→ **Problem to solve**: Copied exactly and without pictures, the lines from the beginning of the entries through the one that holds "#967=VERTEX_POINT('',#3956);" should form the entire reply.

Start of Block

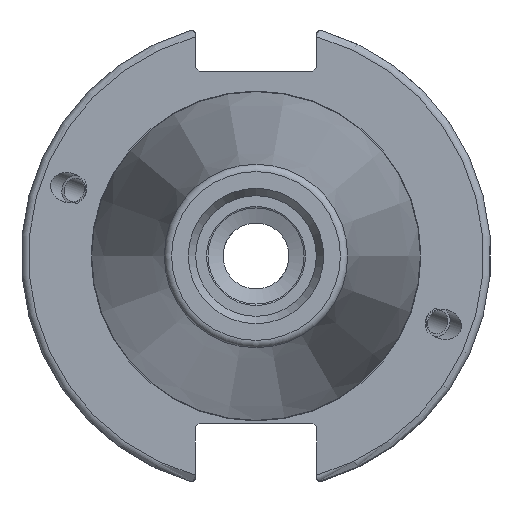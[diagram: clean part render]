
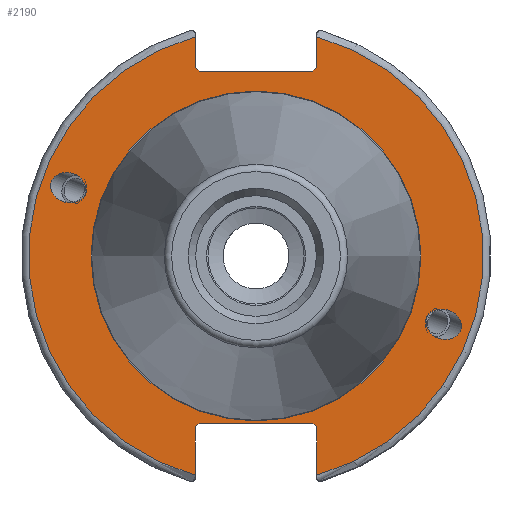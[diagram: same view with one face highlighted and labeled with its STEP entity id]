
A CAD part, left-side view. The second image highlights one B-rep face of the part: STEP entity #2190.
In plain terms, the highlighted planar face has unit normal (-1, 0, 0).
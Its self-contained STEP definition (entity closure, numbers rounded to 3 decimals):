
#39=ELLIPSE('',#2419,2.442,2.);
#48=ELLIPSE('',#2467,2.442,2.);
#60=PLANE('',#2480);
#132=FACE_BOUND('',#350,.T.);
#133=FACE_BOUND('',#351,.T.);
#134=FACE_BOUND('',#352,.T.);
#232=FACE_OUTER_BOUND('',#349,.T.);
#349=EDGE_LOOP('',(#1818,#1819,#1820,#1821,#1822,#1823,#1824,#1825,#1826,
#1827,#1828,#1829));
#350=EDGE_LOOP('',(#1830));
#351=EDGE_LOOP('',(#1831));
#352=EDGE_LOOP('',(#1832,#1833));
#448=LINE('',#3960,#553);
#449=LINE('',#3962,#554);
#450=LINE('',#3964,#555);
#451=LINE('',#3966,#556);
#452=LINE('',#3968,#557);
#453=LINE('',#3972,#558);
#454=LINE('',#3974,#559);
#455=LINE('',#3976,#560);
#456=LINE('',#3978,#561);
#457=LINE('',#3979,#562);
#553=VECTOR('',#3063,10.);
#554=VECTOR('',#3064,10.);
#555=VECTOR('',#3065,10.);
#556=VECTOR('',#3066,10.);
#557=VECTOR('',#3067,10.);
#558=VECTOR('',#3070,10.);
#559=VECTOR('',#3071,10.);
#560=VECTOR('',#3072,10.);
#561=VECTOR('',#3073,10.);
#562=VECTOR('',#3074,10.);
#751=CIRCLE('',#2476,22.3);
#752=CIRCLE('',#2477,22.3);
#755=CIRCLE('',#2481,30.75);
#756=CIRCLE('',#2482,30.75);
#913=VERTEX_POINT('',#3737);
#958=VERTEX_POINT('',#3930);
#964=VERTEX_POINT('',#3947);
#965=VERTEX_POINT('',#3949);
#967=VERTEX_POINT('',#3956);
#968=VERTEX_POINT('',#3957);
#969=VERTEX_POINT('',#3959);
#970=VERTEX_POINT('',#3961);
#971=VERTEX_POINT('',#3963);
#972=VERTEX_POINT('',#3965);
#973=VERTEX_POINT('',#3967);
#974=VERTEX_POINT('',#3969);
#975=VERTEX_POINT('',#3971);
#976=VERTEX_POINT('',#3973);
#977=VERTEX_POINT('',#3975);
#978=VERTEX_POINT('',#3977);
#1201=EDGE_CURVE('',#913,#913,#39,.T.);
#1262=EDGE_CURVE('',#958,#958,#48,.T.);
#1270=EDGE_CURVE('',#964,#965,#751,.T.);
#1271=EDGE_CURVE('',#965,#964,#752,.T.);
#1274=EDGE_CURVE('',#967,#968,#755,.T.);
#1275=EDGE_CURVE('',#967,#969,#448,.T.);
#1276=EDGE_CURVE('',#970,#969,#449,.T.);
#1277=EDGE_CURVE('',#970,#971,#450,.T.);
#1278=EDGE_CURVE('',#972,#971,#451,.T.);
#1279=EDGE_CURVE('',#972,#973,#452,.T.);
#1280=EDGE_CURVE('',#974,#973,#756,.T.);
#1281=EDGE_CURVE('',#974,#975,#453,.T.);
#1282=EDGE_CURVE('',#976,#975,#454,.T.);
#1283=EDGE_CURVE('',#976,#977,#455,.T.);
#1284=EDGE_CURVE('',#978,#977,#456,.T.);
#1285=EDGE_CURVE('',#978,#968,#457,.T.);
#1818=ORIENTED_EDGE('',*,*,#1274,.F.);
#1819=ORIENTED_EDGE('',*,*,#1275,.T.);
#1820=ORIENTED_EDGE('',*,*,#1276,.F.);
#1821=ORIENTED_EDGE('',*,*,#1277,.T.);
#1822=ORIENTED_EDGE('',*,*,#1278,.F.);
#1823=ORIENTED_EDGE('',*,*,#1279,.T.);
#1824=ORIENTED_EDGE('',*,*,#1280,.F.);
#1825=ORIENTED_EDGE('',*,*,#1281,.T.);
#1826=ORIENTED_EDGE('',*,*,#1282,.F.);
#1827=ORIENTED_EDGE('',*,*,#1283,.T.);
#1828=ORIENTED_EDGE('',*,*,#1284,.F.);
#1829=ORIENTED_EDGE('',*,*,#1285,.T.);
#1830=ORIENTED_EDGE('',*,*,#1201,.T.);
#1831=ORIENTED_EDGE('',*,*,#1262,.T.);
#1832=ORIENTED_EDGE('',*,*,#1271,.F.);
#1833=ORIENTED_EDGE('',*,*,#1270,.F.);
#2190=ADVANCED_FACE('',(#232,#132,#133,#134),#60,.T.);
#2419=AXIS2_PLACEMENT_3D('',#3739,#2918,#2919);
#2467=AXIS2_PLACEMENT_3D('',#3932,#3031,#3032);
#2476=AXIS2_PLACEMENT_3D('',#3950,#3051,#3052);
#2477=AXIS2_PLACEMENT_3D('',#3951,#3053,#3054);
#2480=AXIS2_PLACEMENT_3D('',#3955,#3059,#3060);
#2481=AXIS2_PLACEMENT_3D('',#3958,#3061,#3062);
#2482=AXIS2_PLACEMENT_3D('',#3970,#3068,#3069);
#2918=DIRECTION('center_axis',(1.,0.,0.));
#2919=DIRECTION('ref_axis',(0.,-0.94,-0.342));
#3031=DIRECTION('center_axis',(1.,0.,0.));
#3032=DIRECTION('ref_axis',(0.,0.94,0.342));
#3051=DIRECTION('center_axis',(-1.,0.,0.));
#3052=DIRECTION('ref_axis',(0.,-1.,0.));
#3053=DIRECTION('center_axis',(-1.,0.,0.));
#3054=DIRECTION('ref_axis',(0.,-1.,0.));
#3059=DIRECTION('center_axis',(-1.,0.,0.));
#3060=DIRECTION('ref_axis',(0.,0.,1.));
#3061=DIRECTION('center_axis',(1.,0.,0.));
#3062=DIRECTION('ref_axis',(0.,-1.,0.));
#3063=DIRECTION('',(0.,0.,-1.));
#3064=DIRECTION('',(0.,-0.707,0.707));
#3065=DIRECTION('',(0.,1.,0.));
#3066=DIRECTION('',(0.,-0.707,-0.707));
#3067=DIRECTION('',(0.,0.,1.));
#3068=DIRECTION('center_axis',(1.,0.,0.));
#3069=DIRECTION('ref_axis',(0.,1.,0.));
#3070=DIRECTION('',(0.,0.,1.));
#3071=DIRECTION('',(0.,0.707,-0.707));
#3072=DIRECTION('',(0.,-1.,0.));
#3073=DIRECTION('',(0.,0.707,0.707));
#3074=DIRECTION('',(0.,0.,-1.));
#3737=CARTESIAN_POINT('',(3.175,-23.077,-8.399));
#3739=CARTESIAN_POINT('Origin',(3.175,-25.372,-9.235));
#3930=CARTESIAN_POINT('',(3.175,23.077,8.399));
#3932=CARTESIAN_POINT('Origin',(3.175,25.372,9.235));
#3947=CARTESIAN_POINT('',(3.175,0.,22.3));
#3949=CARTESIAN_POINT('',(3.175,22.3,0.));
#3950=CARTESIAN_POINT('Origin',(3.175,0.,0.));
#3951=CARTESIAN_POINT('Origin',(3.175,0.,0.));
#3955=CARTESIAN_POINT('Origin',(3.175,31.75,0.));
#3956=CARTESIAN_POINT('',(3.175,-8.19,29.639));
#3957=CARTESIAN_POINT('',(3.175,-8.19,-29.639));
#3958=CARTESIAN_POINT('Origin',(3.175,0.,0.));
#3959=CARTESIAN_POINT('',(3.175,-8.19,25.5));
#3960=CARTESIAN_POINT('',(3.175,-8.19,12.5));
#3961=CARTESIAN_POINT('',(3.175,-7.69,25.));
#3962=CARTESIAN_POINT('',(3.175,8.295,9.015));
#3963=CARTESIAN_POINT('',(3.175,7.69,25.));
#3964=CARTESIAN_POINT('',(3.175,15.875,25.));
#3965=CARTESIAN_POINT('',(3.175,8.19,25.5));
#3966=CARTESIAN_POINT('',(3.175,7.58,24.89));
#3967=CARTESIAN_POINT('',(3.175,8.19,29.639));
#3968=CARTESIAN_POINT('',(3.175,8.19,12.5));
#3969=CARTESIAN_POINT('',(3.175,8.19,-29.639));
#3970=CARTESIAN_POINT('Origin',(3.175,0.,0.));
#3971=CARTESIAN_POINT('',(3.175,8.19,-23.1));
#3972=CARTESIAN_POINT('',(3.175,8.19,-11.3));
#3973=CARTESIAN_POINT('',(3.175,7.69,-22.6));
#3974=CARTESIAN_POINT('',(3.175,8.18,-23.09));
#3975=CARTESIAN_POINT('',(3.175,-7.69,-22.6));
#3976=CARTESIAN_POINT('',(3.175,15.875,-22.6));
#3977=CARTESIAN_POINT('',(3.175,-8.19,-23.1));
#3978=CARTESIAN_POINT('',(3.175,7.695,-7.215));
#3979=CARTESIAN_POINT('',(3.175,-8.19,-11.3));

End of Block

→ **Response to this task**:
[diagram: clean part render]
[diagram: same view with one face highlighted and labeled with its STEP entity id]
A CAD part, left-side view. The second image highlights one B-rep face of the part: STEP entity #2190.
In plain terms, the highlighted planar face has unit normal (-1, 0, 0).
Its self-contained STEP definition (entity closure, numbers rounded to 3 decimals):
#39=ELLIPSE('',#2419,2.442,2.);
#48=ELLIPSE('',#2467,2.442,2.);
#60=PLANE('',#2480);
#132=FACE_BOUND('',#350,.T.);
#133=FACE_BOUND('',#351,.T.);
#134=FACE_BOUND('',#352,.T.);
#232=FACE_OUTER_BOUND('',#349,.T.);
#349=EDGE_LOOP('',(#1818,#1819,#1820,#1821,#1822,#1823,#1824,#1825,#1826,
#1827,#1828,#1829));
#350=EDGE_LOOP('',(#1830));
#351=EDGE_LOOP('',(#1831));
#352=EDGE_LOOP('',(#1832,#1833));
#448=LINE('',#3960,#553);
#449=LINE('',#3962,#554);
#450=LINE('',#3964,#555);
#451=LINE('',#3966,#556);
#452=LINE('',#3968,#557);
#453=LINE('',#3972,#558);
#454=LINE('',#3974,#559);
#455=LINE('',#3976,#560);
#456=LINE('',#3978,#561);
#457=LINE('',#3979,#562);
#553=VECTOR('',#3063,10.);
#554=VECTOR('',#3064,10.);
#555=VECTOR('',#3065,10.);
#556=VECTOR('',#3066,10.);
#557=VECTOR('',#3067,10.);
#558=VECTOR('',#3070,10.);
#559=VECTOR('',#3071,10.);
#560=VECTOR('',#3072,10.);
#561=VECTOR('',#3073,10.);
#562=VECTOR('',#3074,10.);
#751=CIRCLE('',#2476,22.3);
#752=CIRCLE('',#2477,22.3);
#755=CIRCLE('',#2481,30.75);
#756=CIRCLE('',#2482,30.75);
#913=VERTEX_POINT('',#3737);
#958=VERTEX_POINT('',#3930);
#964=VERTEX_POINT('',#3947);
#965=VERTEX_POINT('',#3949);
#967=VERTEX_POINT('',#3956);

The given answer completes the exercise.